After taking from Arlington taxpayers what amounts to $305 million in today’s dollars back in 1994 when the Rangers’ Globe Life Park opened, and after putting in $135 million more in renovations in 2010, the Rangers now push for a brand new stadium because they claim it gets too hot to play baseball in the summer in their open-air park.
Rangers GM Daniels jumped into the discussion on a Dallas radio sports show, The Ben and Skin Show, where he justified the push for a new stadium by insisting he wouldn’t want to take his kids to a hot stadium to see baseball.
During the interview Daniels reported all the possible solutions to the heat problem that had been proposed but insisted that only a new stadium with a retractable roof would work for the team in order to alleviate “those 105-degree, smoking-hot days.”
“It’s rough out there. The day games in the middle of the summer are rough,” Daniels insisted.
Daniels continued making the case for a new stadium saying he wouldn’t even bring his own kids out to see a Rangers game because of the heat.
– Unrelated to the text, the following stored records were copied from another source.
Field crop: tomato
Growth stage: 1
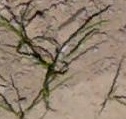
Species: cyperus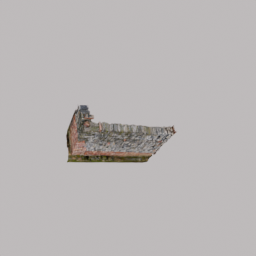
Label: architecture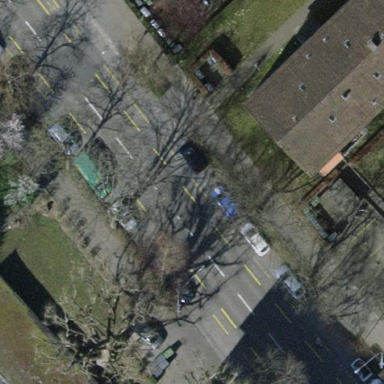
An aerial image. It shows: Parking lane designated for parking.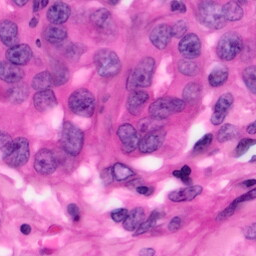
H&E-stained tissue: Pancreatic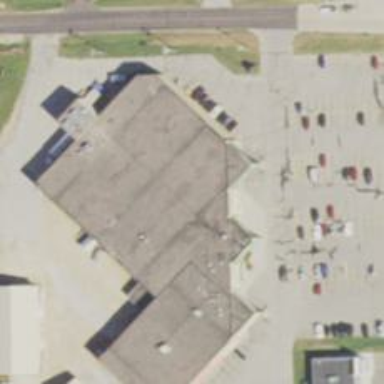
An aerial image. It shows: Supermarket.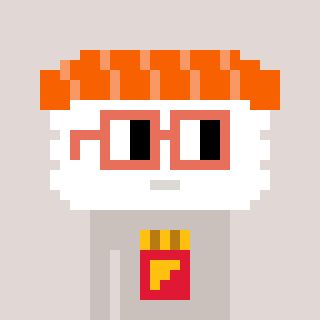
a pixel art character with square orange glasses, a nigiri-shaped head and a foggrey-colored body on a warm background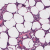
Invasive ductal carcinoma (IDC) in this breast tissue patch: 0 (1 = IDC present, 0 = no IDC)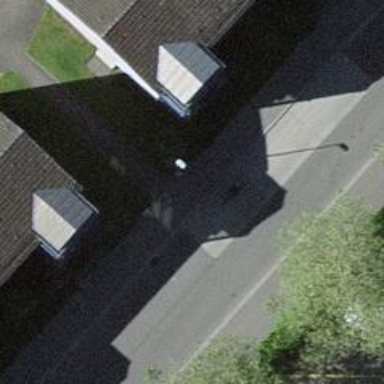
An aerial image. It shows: Residential road with asphalt surface. Both sides have sidewalks.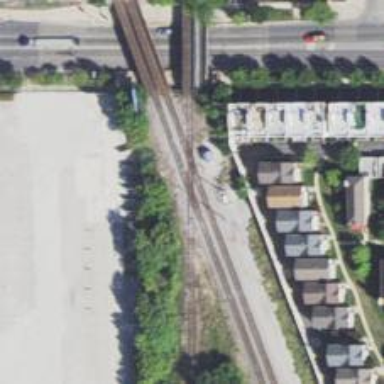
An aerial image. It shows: Railway crossing.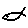
Label: fish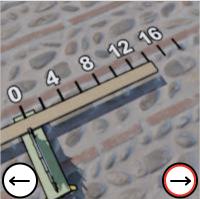
Task: length
Answer: 14
First scale value: 4.0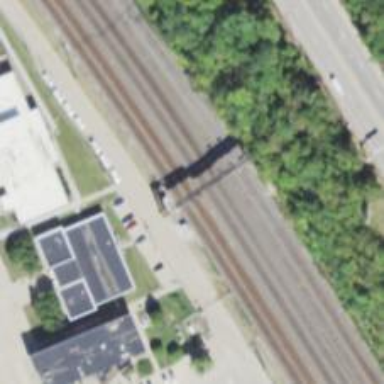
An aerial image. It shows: Railway signal.
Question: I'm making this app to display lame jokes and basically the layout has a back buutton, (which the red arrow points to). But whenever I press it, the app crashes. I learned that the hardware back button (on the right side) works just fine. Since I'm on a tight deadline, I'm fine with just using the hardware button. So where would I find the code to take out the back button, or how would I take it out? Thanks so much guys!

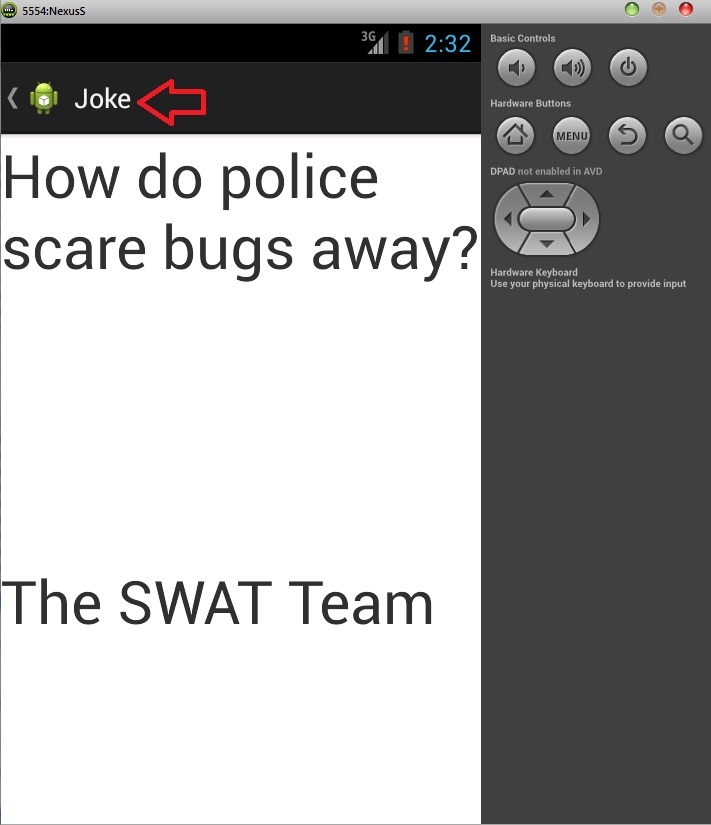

“I wouldn’t want to take my kids and sit out in the sun for a day game here in the middle of July or August in Texas,” the Texas GM said. “I respect the people that do it and I thank them for doing it, but just being honest, it’s a tough deal to sit out in that sun. So that’s what it’s more about than anything else, just the comfort of our fans.”
Daniels’ comments come only a few weeks after a recent meeting at Arlington city hall where members of the city council voted to allow the proposal of a new stadium to advance to the next step in the process despite the overwhelming opposition they faced over the decision from members of the public attending the meeting where the decision was made.
One city council woman, District 7 city council member Victoria Farrar-Myers, commented that she understands no one in the meeting wanted the project and the subsequent use of tax dollars it would demand. But she essentially went on to say she didn’t really care what the voters wanted because she felt the new stadium was an important part of “the future” for the city.
One thing Daniels did not address is the multitude of studies showing that sports stadiums are rarely a good investment for taxpayers, almost never realizing a good return on the investment of tax dollars.